• AIM OF THE EXERCISE
All entries below are to be returned exactly, with pictures left out.
(Beginning of DATASET RECORDS)
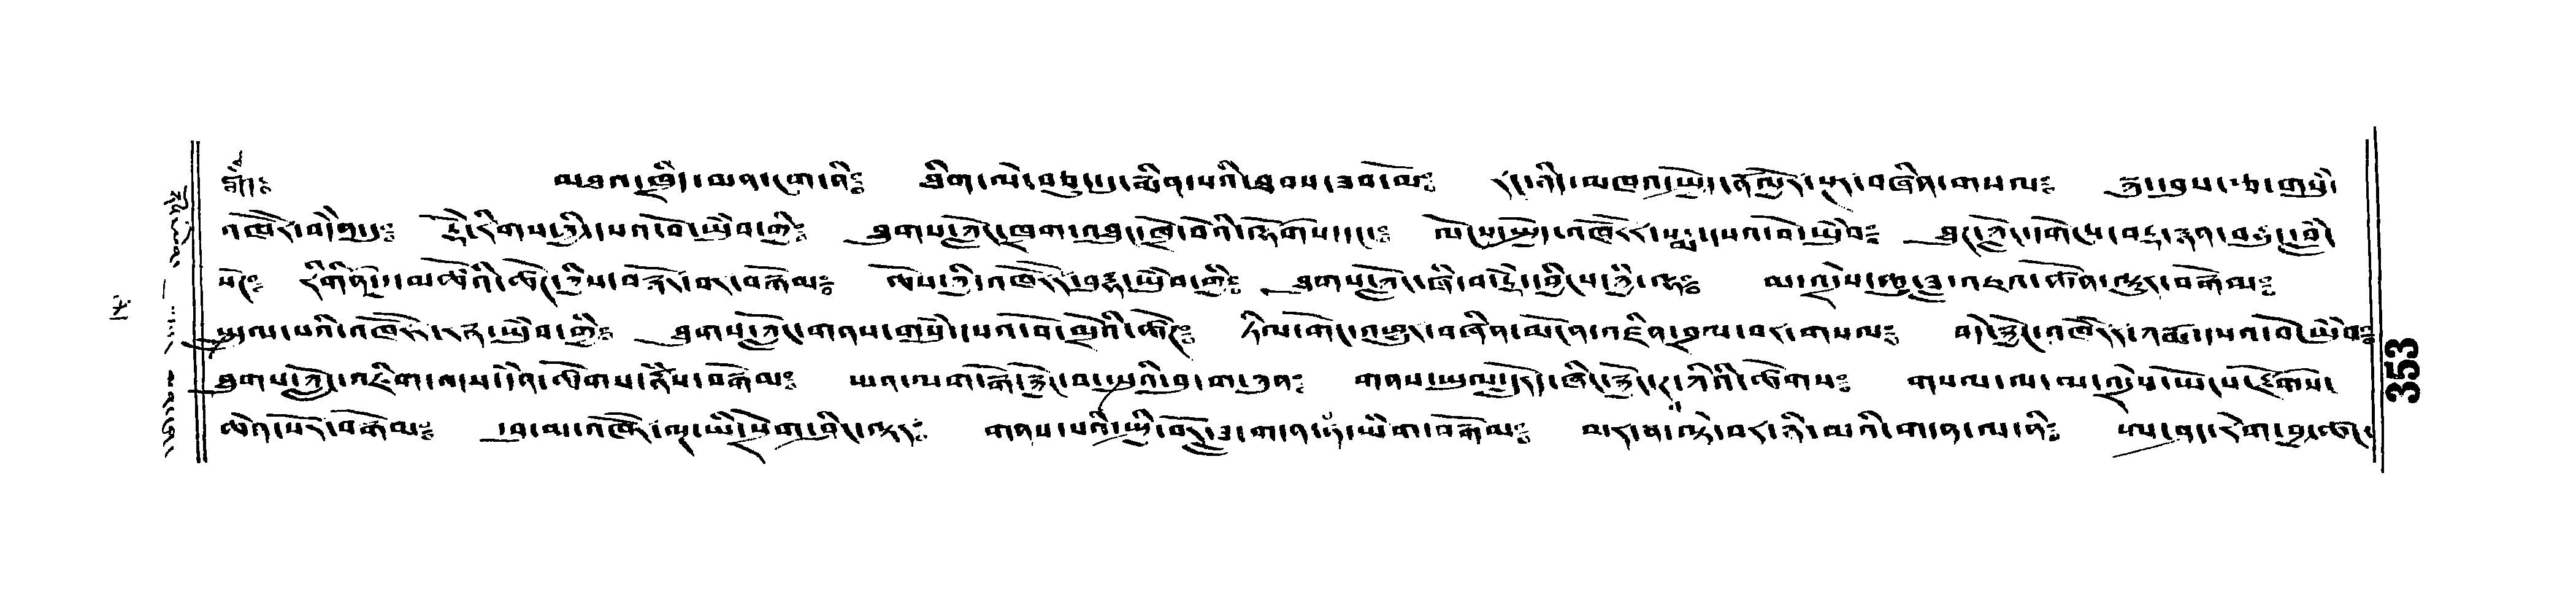མཐའ་ཁྲིད་མན་ངག་ནི༔ ཐིག་ལེ་བཅུད་དུ་སྨིན་པའི་ཐབས་ཟབ་མོ༔ རང་ཉིད་མཁའ་སྤྱོད་རྣལ་འབྱོར་སྔར་བཞིན་གསལ༔ སྐུ་དབུས་རྩ་གསུམ་
འཁོར་ལོ་བདེ་ཆེན་དུ༔ རྡོ་རྗེ་རིགས་ཀྱི་དཔའ་བོ་ཡབ་ཡུམ་གྱི༔ ཐུགས་ཀློང་ཁྲག་འཐུང་ཁྲོ་བོའི་ལྷ་ཚོགས་དང༔ ལོངས་སྤྱོད་འཁོར་ལོ་པདྨ་དཔའ་བོ་ཡབ་ཡུམ༔ ཐུགས་ཀློང་དགོངས་བརྡ་སྙན་བརྒྱུད་བླ་མ་
སོགས༔ མ་འདྲེས་ཆུ་ཟླ་འཇའ་ཚོན་ལྟ་བུར་བསྒོམ༔ སྤྲུལ་པའི་འཁོར་ལོར་རཏྣ་ཡབ་ཡུམ་གྱི༔ མ་འདྲིས་ཆུ་ཟླ་འཇའ་ཚོན་ལྟུར་བསྒོམ་
སྤྲུལ་བའི་འཁོར་ཉ་ཡབ་ཡུམ་གྱ྄྄྄྄྄ི༷༷༷༷༷༔ ཐུགས་ཀློང་གནས་གསུམ་དཔའ་བོ་མཁའ་འགྲོའི་ཚོགས༔ ཏིལ་གོང་འཕྱུར་བཞིན་མངོན་འཛིན་བྲལ་བར་གསལ༔ བདེ་སྐྱོང་འཁོར་ལོར་ཀརྨ་དཔའ་བོ་ཡབ་ཡུམ༔ 
ཐུགས་ཀློང་འཇིག་འདས་དམ་ཅན་ཚོགས་རྣམས་བསྒོམ༔ ཡན་ལག་སྒོ་སྐྱོང་བ་སྤུའི་བུ་ག་ཀུན༔ གནས་ཡུལ་དུར་ཁྲོད་ཞིང་སྐྱོང་ཌཱ་ཀིའི་ཚོགས༔ གསལ་ལ་མ་འདྲེས་ཡོངས་རྫོགས་
ཆེན་པོར་བསྒོམ༔ དབུ་མ་འཁོར་ལོ་ལྔ་ཡི་སྲོག་ཤིང་ལྟར༔ གནས་པའི་སྤྱི་བོར་ཟླ་གདན་ཧཾ་ཡིག་བསྒོམ༔ མར་སྣ་ལྟེ་བར་ཉི་མའི་གདན་ལ་ནི༔ ཨ་ཤད་རེག་བྱ་ཚ་
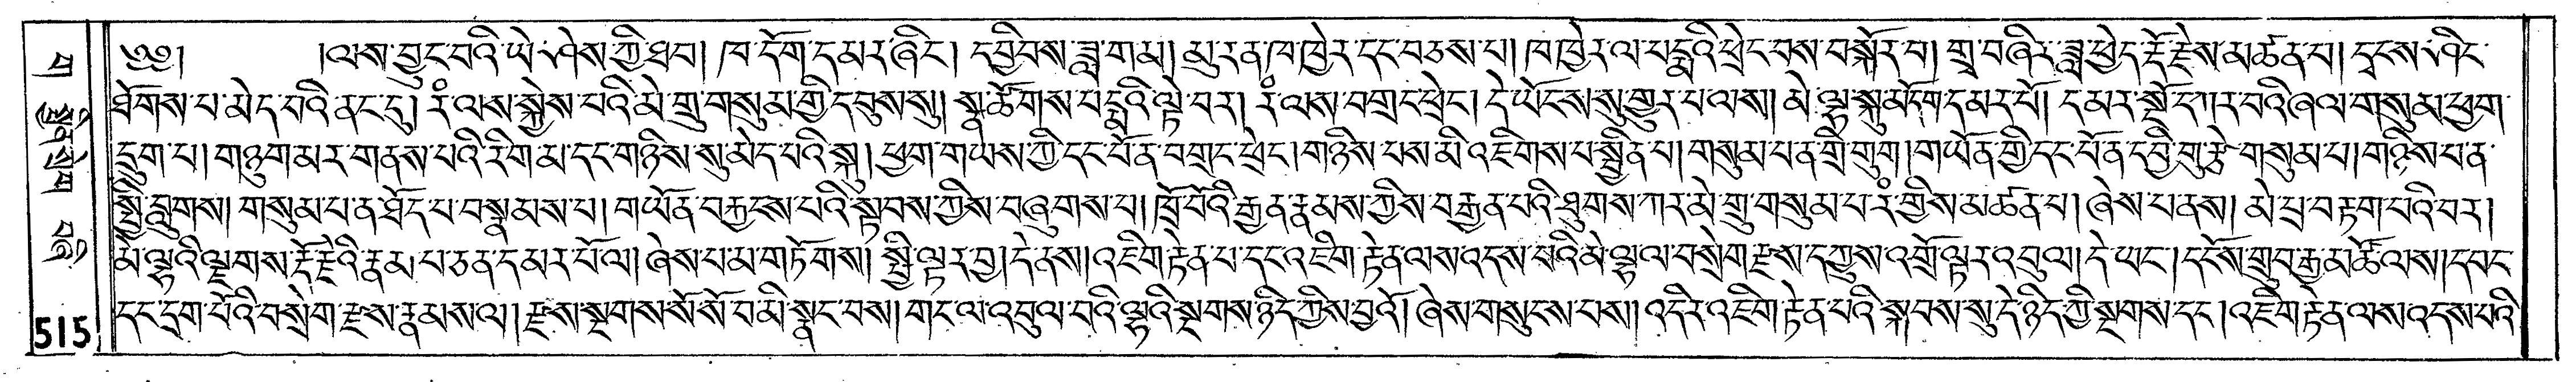༄༅། །ལས་བྱུང་བའི་ཡེ་ཤེས་ཀྱི་ཐབ། ཁ་དོག་དམར་ཞིང་། དབྱིབས་ཟླ་གམ། མུ་རན་ཁ་ཁྱེར་དང་བཅས་པ། ཁ་ཁྱེར་ལ་པདམའི་ཕྲེང་བས་བསྐོར་བ། གྲྭ་བཞིར་ཟླ་ཕྱེད་རྡོ་རྗེས་མཚན་པ། དྭངས་ཤིང་
ཐོགས་པ་མེད་པའི་ནང་དུ། རཾ་ལས་སྐྱེས་པའི་མེ་གྲུ་གསུམ་གྱི་དབུས་སུ། སྣ་ཚོགས་པདམའི་ལྟེ་བར། རཾ་ལས་བགྲང་ཕྲེང་། དེ་ཡོངས་སུ་གྱུར་པ་ལས། མེ་ལྷ་སྐུ་མདོག་དམར་པོ། དམར་སྔོ་དཀར་བའི་ཞལ་གསུམ་ཕྱག་
དྲུག་པ། གཉུག་མར་གནས་པའི་རིག་མ་དང་གཉིས་སུ་མེད་པའི་སྐུ། ཕྱག་གཡས་ཀྱི་དང་པོ་ན་བགྲང་ཕྲེང་། གཉིས་པས་མི་འཇིགས་པ་སྦྱིན་པ། གསུམ་པ་ན་གྲི་གུག །གཡོན་གྱི་དང་པོ་ན་དབྱི་གུ་རྩེ་གསུམ་པ། གཉིས་པ་ན་
སྤྱི་བླུགས། གསུམ་པ་ན་ཐོད་པ་བསྣམས་པ། གཡོན་བརྐྱངས་པའི་སྟབས་ཀྱིས་བཞུགས་པ། ཁྲོ་བོའི་རྒྱན་རྣམས་ཀྱིས་བརྒྱན་པའི་ཐུགས་ཀར་མེ་གྲུ་གསུམ་པ་རཾ་གྱིས་མཚན་པ། ཞེས་པ་ནས། མེ་པྲ་བརྟག་པའི་བར།
མེ་ལྷའི་ལྗགས་རྡོ་རྗེའི་རྣམ་པ་ཅན་དམར་པོ་ལ། ཞེས་པ་མ་གཏོགས། སྤྱི་ལྟར་བྱ། དེ་ནས། འཇིག་རྟེན་པ་དང་འཇིག་རྟེན་ལས་འདས་པའི་མེ་ལྷ་ལ་བསྲེག་རྫས་དཀྱུས་འགྲོ་ལྟར་འབུལ། དེ་ཡང་། དངོས་གྲུབ་རྒྱ་མཚོ་ལས། དབང་
དང་དྲག་པོའི་བསྲེག་རྫས་རྣམས་ལ། རྫས་སྔགས་སོ་སོ་བ་མི་སྣང་བས། གང་ལ་འབུལ་བའི་ལྷའི་སྔགས་ཉིད་ཀྱིས་བྱའོ། ཞེས་གསུངས་པས། འདིར་འཇིག་རྟེན་པའི་སྐབས་སུ་དེ་ཉིད་ཀྱི་སྔགས་དང་། འཇིག་རྟེན་ལས་འདས་པའི་
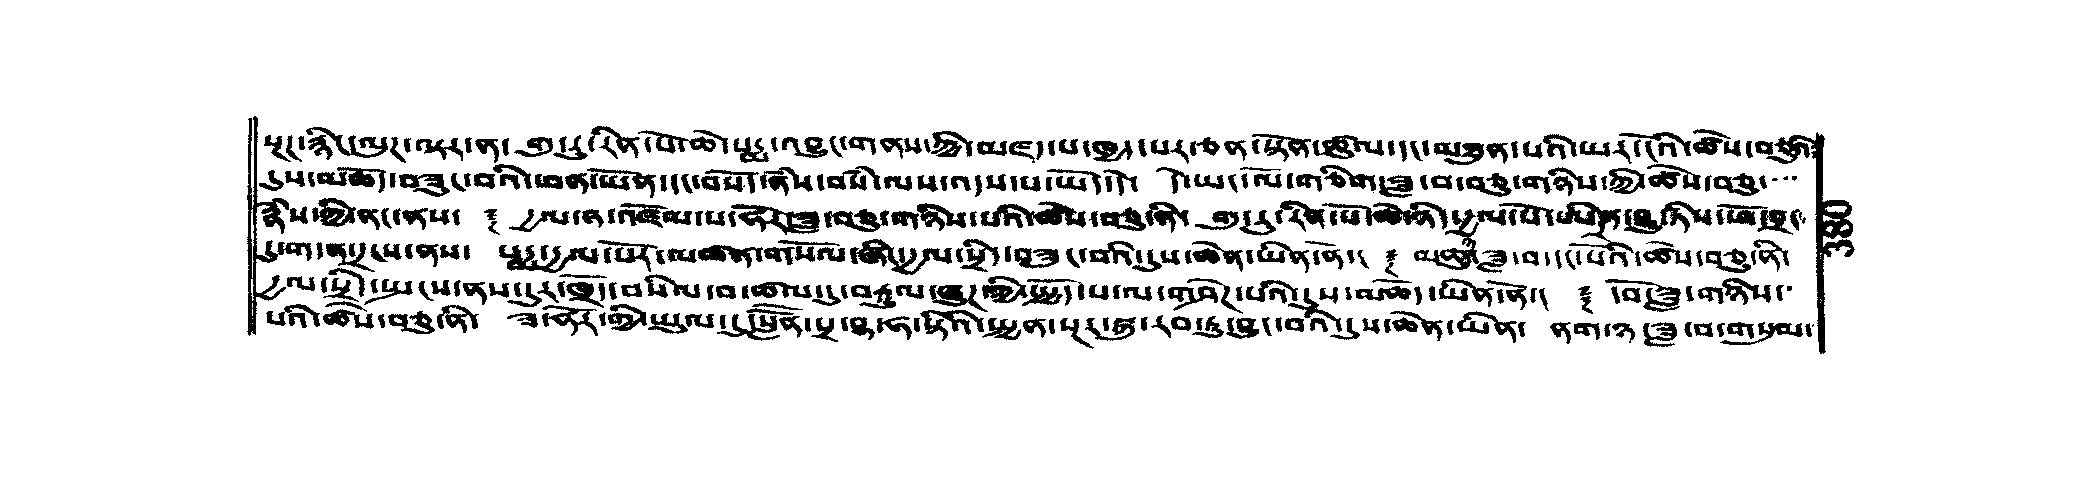སྔགས་རྙིང་ལུགས་ལྟར་ན། གུ་རུ་རིན་པོ་ཆེ་པདྨ་འབྱུང་གནས་ཀྱི་མཛད་པ་ཁྱད་པར་ཅན་སྟོན་ཚུལ་དང་མཐུན་པའི་ཡར་ངོའི་ཚེས་བཅུའི་
དུས་མཆོད་བཟུང་བའི་ཕན་ཡོན་དང་བསོད་ནམས་བསམ་ལས་འདས་པ་ཡོད་དེ། དེ་ཡང་ལོ་གཅིག་ཟླ་བ་བཅུ་གཉིས་ཀྱི་ཚེས་བཅུ་
རྣམས་ཀྱི་ནང་ནས། ༈ རྒྱལ་ནག་འཛོམ་པ་ཧོར་ཟླ་བཅུ་གཉིས་པའི་ཚེས་བཅུ་ནི། གུ་རུ་རིན་པོ་ཆེ་ཉིད་རྒྱལ་པོ་ཨིནྡྲ་བྷུ་ཏིས་ཕོ་བྲང་
དུ་གདན་དྲངས་ནས། པདྨ་རྒྱལ་པོར་མཚན་གསོལ་ཞིང་རྒྱལ་སྲིད་བཟུང་བའི་དུས་ཆེན་ཡིན་ནོ། ༈ མཆུ་ཉ་ཟླ་བ་དང་པོའི་ཚེས་བཅུ་ནི་
རྒྱལ་སྲིད་སྤངས་ནས་དུར་ཁྲོད་བསིལ་བ་ཚལ་དུ་བརྟུལ་ཞུགས་ཀྱི་སྤྱོད་པ་ལ་གཤེགས་པའི་དུས་མཆོད་ཡིན་ནོ། ༈ དབོ་ཟླ་གཉིས་
པའི་ཚེས་བཅུ་ནི། ཟ་ཧོར་གྱི་ཡུལ་དུ་སློབ་དཔོན་པྲ་བྷ་ཧསྟིའི་སྤྱན་སྔར་སྐུ་རབ་ཏུ་བྱུང་བའི་དུས་ཆེན་ཡིན། ནག་ཉ་ཟླ་བ་གསུམ་
(End of DATASET RECORDS)
• WRITTEN RESPONSE
མཐའ་ཁྲིད་མན་ངག་ནི༔ ཐིག་ལེ་བཅུད་དུ་སྨིན་པའི་ཐབས་ཟབ་མོ༔ རང་ཉིད་མཁའ་སྤྱོད་རྣལ་འབྱོར་སྔར་བཞིན་གསལ༔ སྐུ་དབུས་རྩ་གསུམ་
འཁོར་ལོ་བདེ་ཆེན་དུ༔ རྡོ་རྗེ་རིགས་ཀྱི་དཔའ་བོ་ཡབ་ཡུམ་གྱི༔ ཐུགས་ཀློང་ཁྲག་འཐུང་ཁྲོ་བོའི་ལྷ་ཚོགས་དང༔ ལོངས་སྤྱོད་འཁོར་ལོ་པདྨ་དཔའ་བོ་ཡབ་ཡུམ༔ ཐུགས་ཀློང་དགོངས་བརྡ་སྙན་བརྒྱུད་བླ་མ་
སོགས༔ མ་འདྲེས་ཆུ་ཟླ་འཇའ་ཚོན་ལྟ་བུར་བསྒོམ༔ སྤྲུལ་པའི་འཁོར་ལོར་རཏྣ་ཡབ་ཡུམ་གྱི༔ མ་འདྲིས་ཆུ་ཟླ་འཇའ་ཚོན་ལྟུར་བསྒོམ་
སྤྲུལ་བའི་འཁོར་ཉ་ཡབ་ཡུམ་གྱ྄྄྄྄྄ི༷༷༷༷༷༔ ཐུགས་ཀློང་གནས་གསུམ་དཔའ་བོ་མཁའ་འགྲོའི་ཚོགས༔ ཏིལ་གོང་འཕྱུར་བཞིན་མངོན་འཛིན་བྲལ་བར་གསལ༔ བདེ་སྐྱོང་འཁོར་ལོར་ཀརྨ་དཔའ་བོ་ཡབ་ཡུམ༔ 
ཐུགས་ཀློང་འཇིག་འདས་དམ་ཅན་ཚོགས་རྣམས་བསྒོམ༔ ཡན་ལག་སྒོ་སྐྱོང་བ་སྤུའི་བུ་ག་ཀུན༔ གནས་ཡུལ་དུར་ཁྲོད་ཞིང་སྐྱོང་ཌཱ་ཀིའི་ཚོགས༔ གསལ་ལ་མ་འདྲེས་ཡོངས་རྫོགས་
ཆེན་པོར་བསྒོམ༔ དབུ་མ་འཁོར་ལོ་ལྔ་ཡི་སྲོག་ཤིང་ལྟར༔ གནས་པའི་སྤྱི་བོར་ཟླ་གདན་ཧཾ་ཡིག་བསྒོམ༔ མར་སྣ་ལྟེ་བར་ཉི་མའི་གདན་ལ་ནི༔ ཨ་ཤད་རེག་བྱ་ཚ་
༄༅། །ལས་བྱུང་བའི་ཡེ་ཤེས་ཀྱི་ཐབ། ཁ་དོག་དམར་ཞིང་། དབྱིབས་ཟླ་གམ། མུ་རན་ཁ་ཁྱེར་དང་བཅས་པ། ཁ་ཁྱེར་ལ་པདམའི་ཕྲེང་བས་བསྐོར་བ། གྲྭ་བཞིར་ཟླ་ཕྱེད་རྡོ་རྗེས་མཚན་པ། དྭངས་ཤིང་
ཐོགས་པ་མེད་པའི་ནང་དུ། རཾ་ལས་སྐྱེས་པའི་མེ་གྲུ་གསུམ་གྱི་དབུས་སུ། སྣ་ཚོགས་པདམའི་ལྟེ་བར། རཾ་ལས་བགྲང་ཕྲེང་། དེ་ཡོངས་སུ་གྱུར་པ་ལས། མེ་ལྷ་སྐུ་མདོག་དམར་པོ། དམར་སྔོ་དཀར་བའི་ཞལ་གསུམ་ཕྱག་
དྲུག་པ། གཉུག་མར་གནས་པའི་རིག་མ་དང་གཉིས་སུ་མེད་པའི་སྐུ། ཕྱག་གཡས་ཀྱི་དང་པོ་ན་བགྲང་ཕྲེང་། གཉིས་པས་མི་འཇིགས་པ་སྦྱིན་པ། གསུམ་པ་ན་གྲི་གུག །གཡོན་གྱི་དང་པོ་ན་དབྱི་གུ་རྩེ་གསུམ་པ། གཉིས་པ་ན་
སྤྱི་བླུགས། གསུམ་པ་ན་ཐོད་པ་བསྣམས་པ། གཡོན་བརྐྱངས་པའི་སྟབས་ཀྱིས་བཞུགས་པ། ཁྲོ་བོའི་རྒྱན་རྣམས་ཀྱིས་བརྒྱན་པའི་ཐུགས་ཀར་མེ་གྲུ་གསུམ་པ་རཾ་གྱིས་མཚན་པ། ཞེས་པ་ནས། མེ་པྲ་བརྟག་པའི་བར།
མེ་ལྷའི་ལྗགས་རྡོ་རྗེའི་རྣམ་པ་ཅན་དམར་པོ་ལ། ཞེས་པ་མ་གཏོགས། སྤྱི་ལྟར་བྱ། དེ་ནས། འཇིག་རྟེན་པ་དང་འཇིག་རྟེན་ལས་འདས་པའི་མེ་ལྷ་ལ་བསྲེག་རྫས་དཀྱུས་འགྲོ་ལྟར་འབུལ། དེ་ཡང་། དངོས་གྲུབ་རྒྱ་མཚོ་ལས། དབང་
དང་དྲག་པོའི་བསྲེག་རྫས་རྣམས་ལ། རྫས་སྔགས་སོ་སོ་བ་མི་སྣང་བས། གང་ལ་འབུལ་བའི་ལྷའི་སྔགས་ཉིད་ཀྱིས་བྱའོ། ཞེས་གསུངས་པས། འདིར་འཇིག་རྟེན་པའི་སྐབས་སུ་དེ་ཉིད་ཀྱི་སྔགས་དང་། འཇིག་རྟེན་ལས་འདས་པའི་
སྔགས་རྙིང་ལུགས་ལྟར་ན། གུ་རུ་རིན་པོ་ཆེ་པདྨ་འབྱུང་གནས་ཀྱི་མཛད་པ་ཁྱད་པར་ཅན་སྟོན་ཚུལ་དང་མཐུན་པའི་ཡར་ངོའི་ཚེས་བཅུའི་
དུས་མཆོད་བཟུང་བའི་ཕན་ཡོན་དང་བསོད་ནམས་བསམ་ལས་འདས་པ་ཡོད་དེ། དེ་ཡང་ལོ་གཅིག་ཟླ་བ་བཅུ་གཉིས་ཀྱི་ཚེས་བཅུ་
རྣམས་ཀྱི་ནང་ནས། ༈ རྒྱལ་ནག་འཛོམ་པ་ཧོར་ཟླ་བཅུ་གཉིས་པའི་ཚེས་བཅུ་ནི། གུ་རུ་རིན་པོ་ཆེ་ཉིད་རྒྱལ་པོ་ཨིནྡྲ་བྷུ་ཏིས་ཕོ་བྲང་
དུ་གདན་དྲངས་ནས། པདྨ་རྒྱལ་པོར་མཚན་གསོལ་ཞིང་རྒྱལ་སྲིད་བཟུང་བའི་དུས་ཆེན་ཡིན་ནོ། ༈ མཆུ་ཉ་ཟླ་བ་དང་པོའི་ཚེས་བཅུ་ནི་
རྒྱལ་སྲིད་སྤངས་ནས་དུར་ཁྲོད་བསིལ་བ་ཚལ་དུ་བརྟུལ་ཞུགས་ཀྱི་སྤྱོད་པ་ལ་གཤེགས་པའི་དུས་མཆོད་ཡིན་ནོ། ༈ དབོ་ཟླ་གཉིས་
པའི་ཚེས་བཅུ་ནི། ཟ་ཧོར་གྱི་ཡུལ་དུ་སློབ་དཔོན་པྲ་བྷ་ཧསྟིའི་སྤྱན་སྔར་སྐུ་རབ་ཏུ་བྱུང་བའི་དུས་ཆེན་ཡིན། ནག་ཉ་ཟླ་བ་གསུམ་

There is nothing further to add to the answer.